The immediate response is a two-minute health check on the agent — confirm it’s running, restart it if it’s been flapping, and read its own log:

admin@storm$ systemctl status wazuh-agent
admin@storm$ systemctl restart wazuh-agent
admin@storm$ tail -n 50 /var/ossec/logs/ossec.log

If a buffer flood is a one-off tied to a known disruption, that’s the whole fix — acknowledge it and move on. If it recurs, the agent is genuinely out-running its buffer under normal load, and you tune the buffer rather than suppress the alert, in the agent’s ossec.conf:

<client_buffer>
  <disable>no</disable>
  <queue_size>5000</queue_size>
  <events_per_second>500</events_per_second>
</client_buffer>

queue_size is how many events the agent will hold while it catches up; events_per_second throttles the send rate so a burst doesn’t overwhelm the manager. The trap to avoid is the lazy one — disabling rule 204 because it’s noisy. That doesn’t fix the flood; it just blinds you to the next window where logs go missing.

The reframe is the part that matters. A level-12 alert firing correctly on a buffer flood is the detection pipeline proving it works: high-severity rules are evaluating, agent-health monitoring is live, buffer detection is functioning, and the alert reached a human.
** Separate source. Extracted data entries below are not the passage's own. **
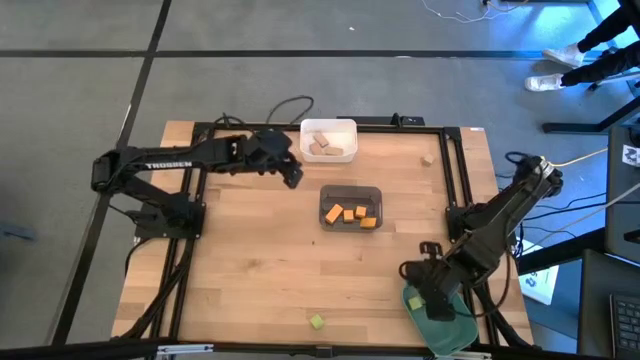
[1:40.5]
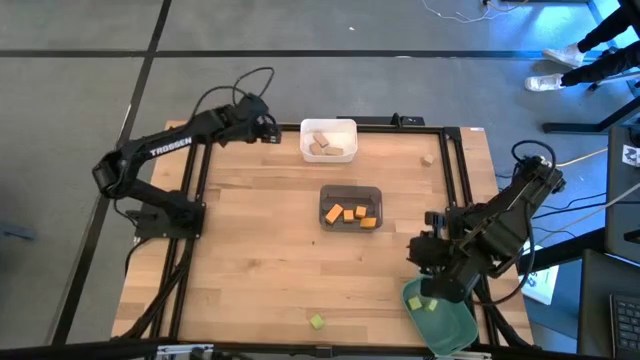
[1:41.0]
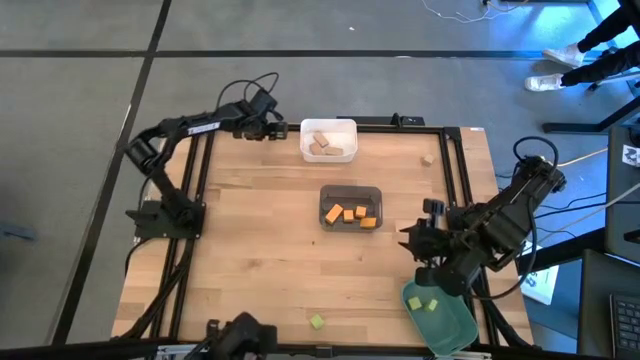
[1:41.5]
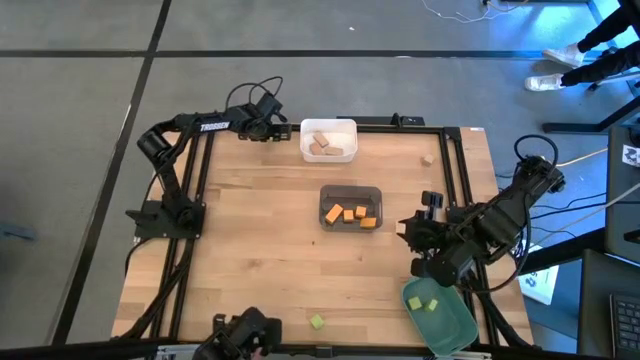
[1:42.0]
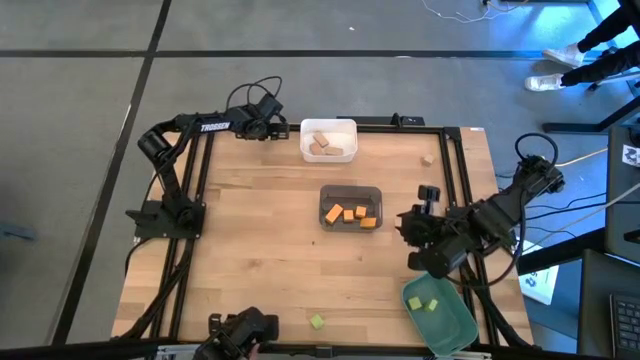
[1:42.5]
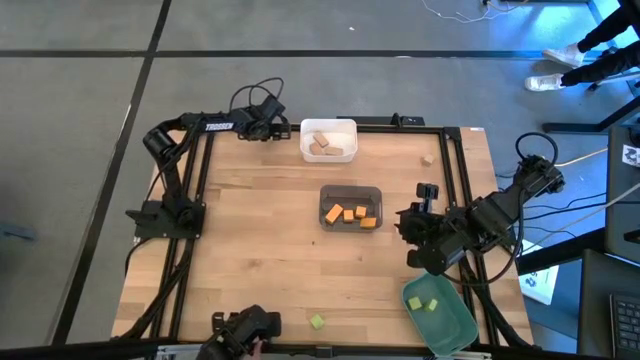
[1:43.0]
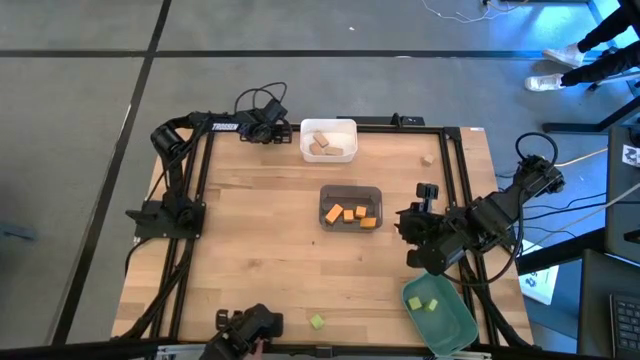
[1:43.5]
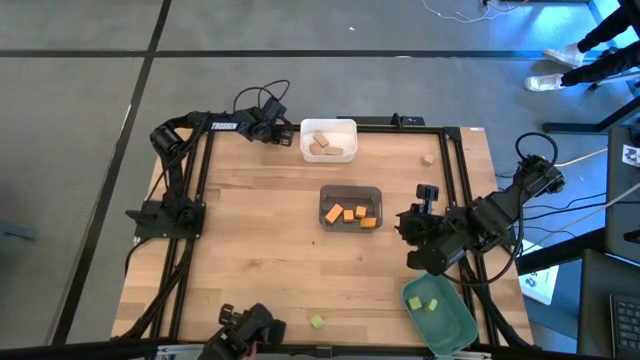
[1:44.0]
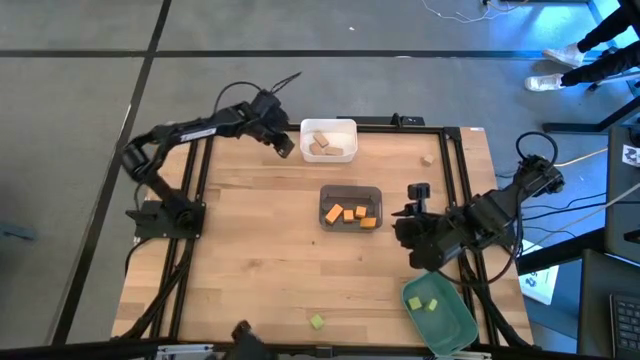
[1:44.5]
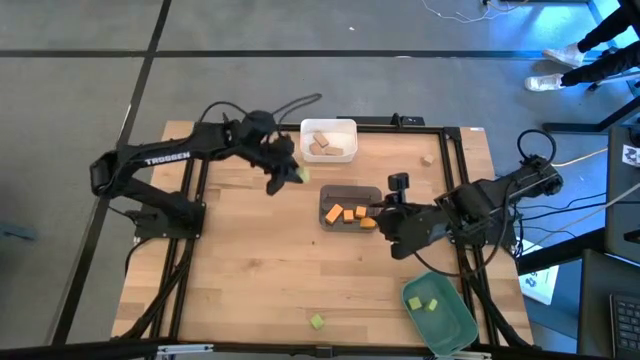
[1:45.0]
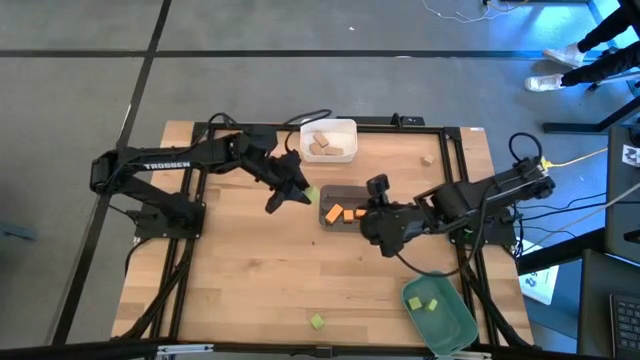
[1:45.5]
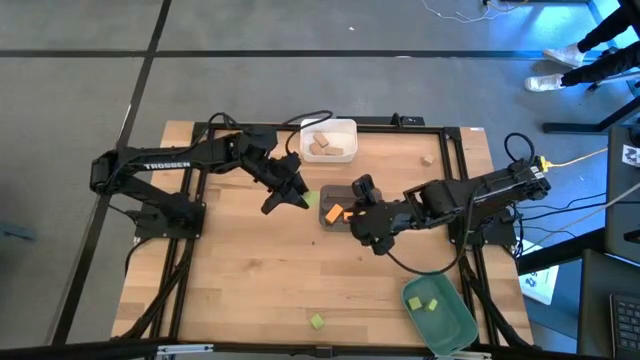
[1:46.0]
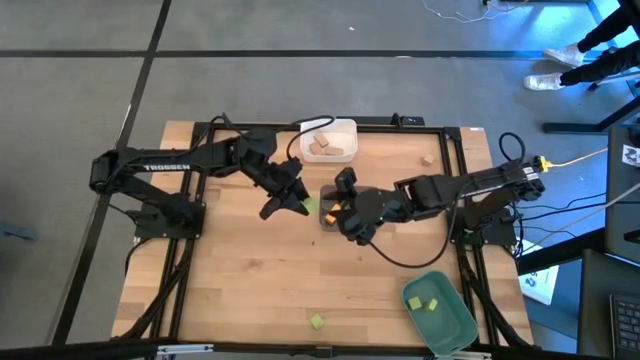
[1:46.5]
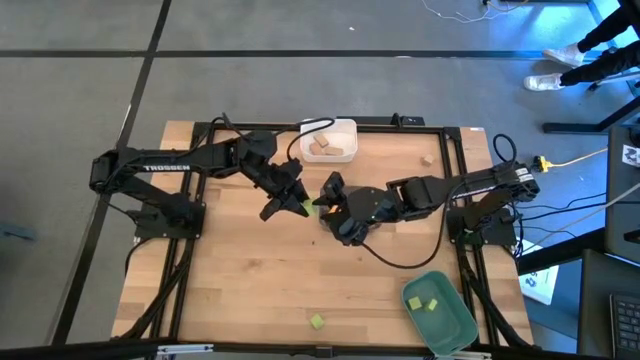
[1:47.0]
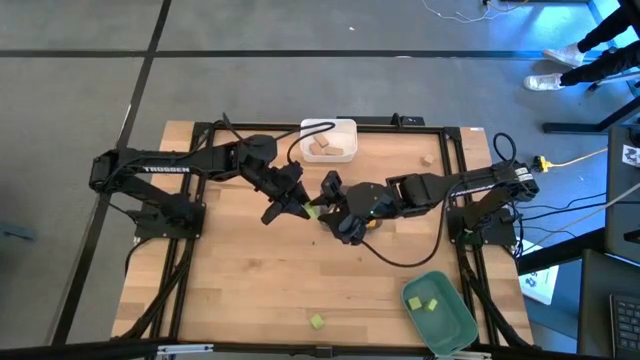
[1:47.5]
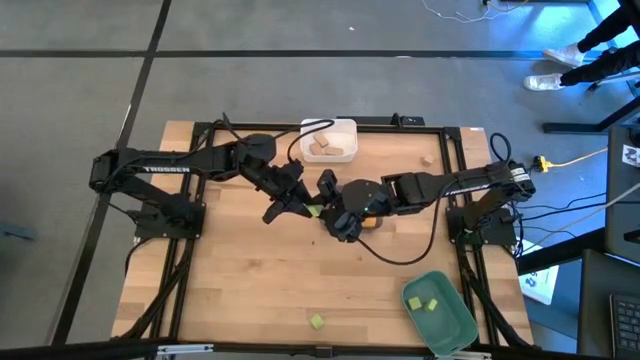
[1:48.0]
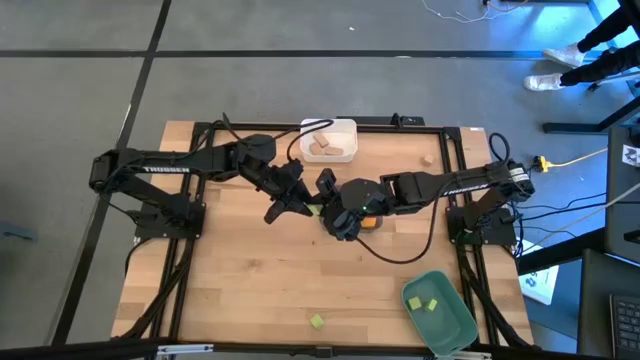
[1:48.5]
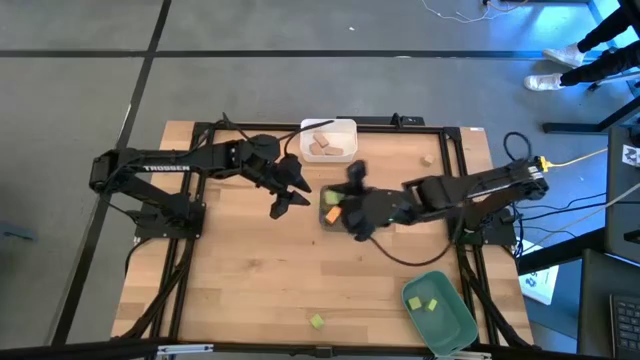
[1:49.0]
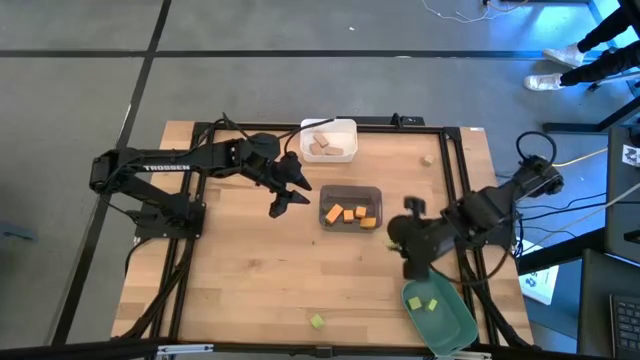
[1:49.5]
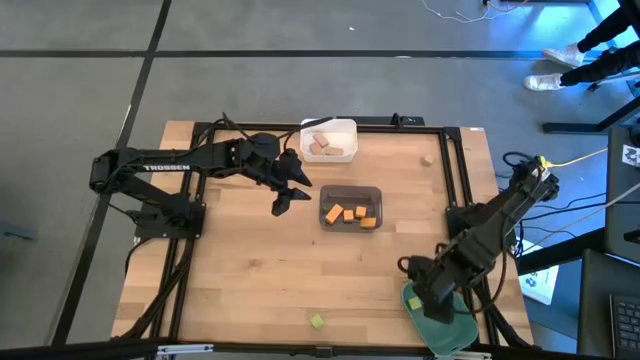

A SIEM that never tells you about itself isn’t quiet — it’s usually broken in a way you haven’t noticed yet.

Takeaways

Narrow before you panic. “Wazuh is down” was really “only the dashboard is down.” Check the components individually; the one that’s actually dead is the one whose logs hold the answer.
A stale path is a total outage. A cert/key mismatch after unrelated rework took the whole console offline with nothing compromised. Chase the crashing component’s own log, and snapshot the known-good state the moment you have it back.
Severity is not meaning. A level-12 agent_flooding alert is high-severity and benign — a telemetry-health signal, not an intrusion. Triaging “is this malicious?” separately from “is this important?” is the core SOC reflex, and it’s the same at home as at scale.
Tune, don’t suppress. A recurring buffer flood gets fixed with client_buffer settings, not by muting the rule. Muting the alert just hides the next gap in your logs.
The SIEM watching itself is a feature. The most common alert in a healthy deployment is the system reporting on its own plumbing. That’s the signal you want — it’s how you know the pipeline that would catch a real attack is actually running.